Which brings me to: don't underestimate the market. That doesn't mean it's
efficient, but it's very difficult to beat it by a large margin or without
considerable risk. A 51/49 edge can be very good if you can get enough trades
that offer those odds (forgive my putting it in those terms, I know it's not
completely accurate), but that's still going to mean that you can have huge
swings either way, even over a large number of trades.

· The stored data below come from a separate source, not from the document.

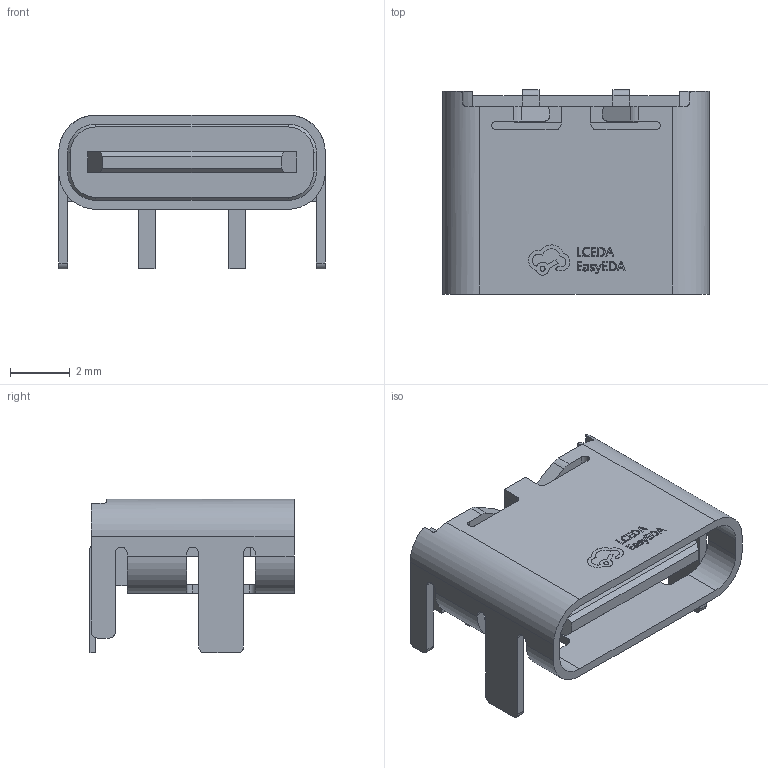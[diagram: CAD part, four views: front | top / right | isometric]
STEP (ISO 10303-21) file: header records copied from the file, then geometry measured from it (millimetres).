
FILE_DESCRIPTION (( 'STEP AP214' ), '1' );
FILE_NAME ('USB-C-TH_TYPE-C-31-M-33.step', '2022-07-15T09:40:31', ( '' ), ( '' ), 'SwSTEP 2.0', 'SolidWorks 2020', '' );
FILE_SCHEMA (( 'AUTOMOTIVE_DESIGN' ));
Length unit declared in the file: millimetre
Products named in the file (1): USB-C-TH_TYPE-C-31-M-33
Bounding box: 8.94 x 6.85 x 5.16 mm (x, y, z)
Volume: 97.5 mm3; surface area: 442.3 mm2
Topology: 15 solids, 15 shells, 450 faces, 1239 edges, 822 vertices
Faces by surface type: plane 274, bspline 112, cylinder 60, cone 4
Entity records: 20038 total; most frequent: CARTESIAN_POINT 4730, ORIENTED_EDGE 2478, DIRECTION 1803, EDGE_CURVE 1239, LINE 881, VECTOR 881, VERTEX_POINT 822, EDGE_LOOP 471

And please, please, PLEASE don't assume that because something worked on
historical data it will necessarily work in the live market. There are so many
ways to arrive at faulty conclusions here, not the least of which is bad data
or analysis (no, your vanilla backprop network is not predicting daily S&P 500
returns, even if it looks like it when you compare it to the training
data...), so even if you've got a rock solid strategy that you're sure will
continue to work, make sure you could actually make the trades before you get
too excited. Don't assume highs, lows, or opens mean anything, pretty much
ever, because weird trades that you couldn't have made sometimes show up in
those. If you can, deal with bid/ask data (tick by tick, ideally) instead, and
make sure the things you want to trade are actually there long enough to get
them given your latency.

Needless to say, use a decent broker that charges low fees and lets you have
programmatic access to their trading platform. Most fail on both counts, so
beware.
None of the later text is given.